Of course, there are guitars that feature inline tuning pegs (most notably Ibanez models), which completely negate any problems of this kind.

As far as the design of your guitar’s headstock goes, we wouldn’t advise making major physical modifications as more subtle and equally efficient alternatives exist.

Poor-quality nut

If the headstock of your guitar is not the reason why your G string goes out of tune, a good place to continue your search for answers is at the guitar’s nut. Namely, the spacings in the nut and its quality itself also play big roles in determining how well the strings can bind to the guitar.

Cheaper nuts are not only flimsy but offer very little in terms of space and durability, which are both viable explanations of why your guitar’s G string is going out of tune.

An obvious solution here is to buy a better quality nut. Even better mid-range models aren’t that expensive, although you’ll probably need to hire a professional to install them.

Further on that note, it may be worthwhile investing in a locking nut. This is a sure-fire method to keep your guitar completely in tune for extended periods, although you’ll need to ‘unlock’ it (with a screwdriver or hex key) every time you want to re-tune or change your guitar’s tuning.

Lubricating your guitar’s nut

With minimal space available to bind, the G string will struggle if the nut is not properly lubricated. Lithium grease is an excellent choice as it is both inexpensive and highly reusable while being fairly forgiving to the nut’s durability.

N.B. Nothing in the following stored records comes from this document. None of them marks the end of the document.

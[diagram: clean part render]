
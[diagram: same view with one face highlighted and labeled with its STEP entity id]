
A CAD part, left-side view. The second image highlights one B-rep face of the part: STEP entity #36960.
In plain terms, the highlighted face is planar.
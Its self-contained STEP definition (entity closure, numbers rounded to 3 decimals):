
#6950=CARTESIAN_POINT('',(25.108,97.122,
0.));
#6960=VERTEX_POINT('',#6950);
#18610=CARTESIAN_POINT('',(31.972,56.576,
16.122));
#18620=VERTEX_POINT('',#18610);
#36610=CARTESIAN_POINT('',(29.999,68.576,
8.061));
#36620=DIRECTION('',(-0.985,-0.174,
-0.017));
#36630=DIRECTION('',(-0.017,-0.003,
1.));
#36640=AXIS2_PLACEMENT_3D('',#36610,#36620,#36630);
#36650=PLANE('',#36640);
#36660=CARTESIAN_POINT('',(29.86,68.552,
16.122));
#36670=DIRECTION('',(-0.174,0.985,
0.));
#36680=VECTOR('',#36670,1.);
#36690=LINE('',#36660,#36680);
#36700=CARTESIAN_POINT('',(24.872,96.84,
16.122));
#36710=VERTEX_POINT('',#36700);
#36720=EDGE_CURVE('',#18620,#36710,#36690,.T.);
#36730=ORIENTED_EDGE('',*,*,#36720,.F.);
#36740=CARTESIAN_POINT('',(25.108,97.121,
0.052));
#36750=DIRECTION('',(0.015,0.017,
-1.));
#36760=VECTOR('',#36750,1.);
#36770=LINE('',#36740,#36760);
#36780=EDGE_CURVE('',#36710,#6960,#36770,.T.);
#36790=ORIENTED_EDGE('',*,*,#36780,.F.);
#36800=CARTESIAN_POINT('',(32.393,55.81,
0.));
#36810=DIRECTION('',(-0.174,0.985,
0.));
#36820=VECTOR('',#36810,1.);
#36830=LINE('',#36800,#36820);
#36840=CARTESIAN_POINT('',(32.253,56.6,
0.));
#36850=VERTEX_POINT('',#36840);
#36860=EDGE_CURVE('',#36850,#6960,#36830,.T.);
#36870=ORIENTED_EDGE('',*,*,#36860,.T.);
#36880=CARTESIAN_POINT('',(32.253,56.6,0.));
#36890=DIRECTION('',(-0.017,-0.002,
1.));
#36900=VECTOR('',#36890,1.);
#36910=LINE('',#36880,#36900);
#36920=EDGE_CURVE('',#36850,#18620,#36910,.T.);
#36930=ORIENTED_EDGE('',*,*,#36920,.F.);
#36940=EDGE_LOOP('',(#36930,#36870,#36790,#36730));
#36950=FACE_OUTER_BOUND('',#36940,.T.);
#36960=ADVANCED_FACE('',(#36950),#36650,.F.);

This way the string will be able to resist frequent bending, although this may not be the solution for people who have problems with headstock and intonation.

Poor intonation

Essentially, guitars with poor intonation struggle to keep all the strings in tune. This is usually the case with the budget and entry-level guitars, but even more expensive models may have been set up poorly, which would invariably lead to subpar intonation.

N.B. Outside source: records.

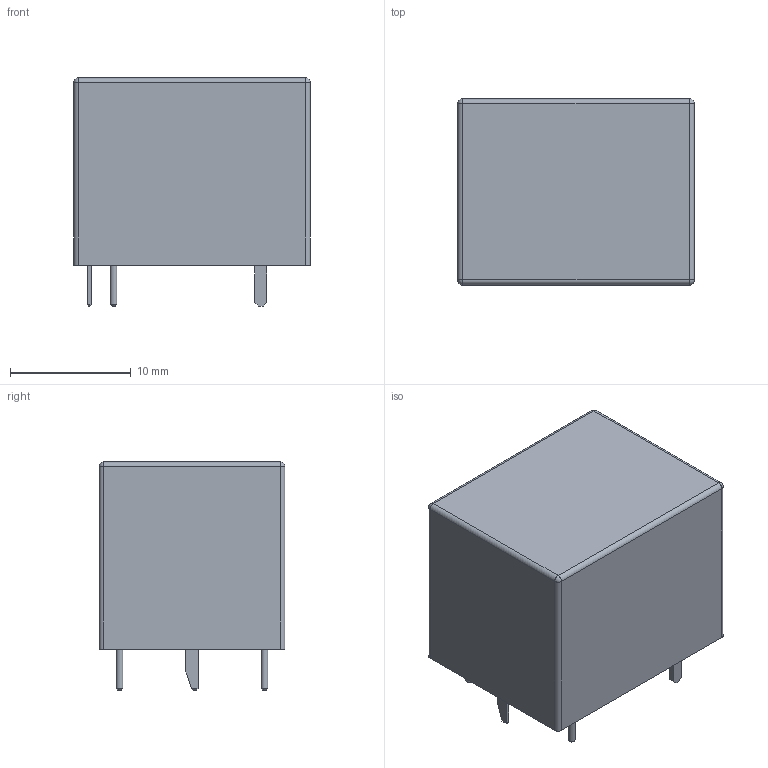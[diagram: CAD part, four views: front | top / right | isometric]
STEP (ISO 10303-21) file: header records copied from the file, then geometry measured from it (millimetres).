
FILE_DESCRIPTION(('FreeCAD Model'),'2;1');
FILE_NAME('Relay_SPDT_SANYOU_SRD_Series_Form_C.step', '2019-05-09T23:45:01',('kicad StepUp'),('ksu MCAD'), 'Open CASCADE STEP processor 7.3','FreeCAD','Unknown');
FILE_SCHEMA(('AUTOMOTIVE_DESIGN { 1 0 10303 214 1 1 1 1 }'));
Length unit declared in the file: millimetre
Products named in the file (1): Relay_SPDT_SANYOU_SRD_Series_Form_C
Bounding box: 19.6 x 15.4 x 18.9 mm (x, y, z)
Volume: 4651.9 mm3; surface area: 1711.3 mm2
Topology: 1 solids, 1 shells, 53 faces, 123 edges, 74 vertices
Faces by surface type: plane 37, cylinder 10, sphere 4, cone 2
Full cylindrical faces by diameter (mm): 0.55 x2
Entity records: 1832 total; most frequent: DIRECTION 249, CARTESIAN_POINT 247, ORIENTED_EDGE 238, EDGE_CURVE 119, LINE 97, VECTOR 97, AXIS2_PLACEMENT_3D 76, VERTEX_POINT 74

Basically, an optimal level of intonation is achieved when the distance from the saddle to your guitar’s twelfth fret is identical to the distance from the twelfth fret to your guitar’s nut.

An ideal way to fix this issue is to use a hex key to tilt the saddle (back if the note is sharp, forward if the note is flat). Alternatively, pay a visit to your local music store and have your guitar examined by a professional.


The G string is every guitar player’s favorite when it comes to bending. Aside from the fact that our fingers naturally fall on it whenever we pick the guitar up, solo guitar players also rely on it for screeching vibratos more than any other string.

As mentioned earlier, the G string is not wound like the rest of the strings in the set, and it is highly responsive to any form of fluctuation while having little room to properly bind. This doesn’t mean that you should refrain from using bending techniques, but it could answer a portion of the question.

Using a set with a Wound G-string

Even though the chances of G string going out of tune if you’ve fixed the headstock and the nut are small, the possibility still exists. If the problem endures, you may fix the string by replacing your current set with wound strings.

Round-wound strings in particular seem to be perfect for this particular scenario while flat-wound strings fare the worst.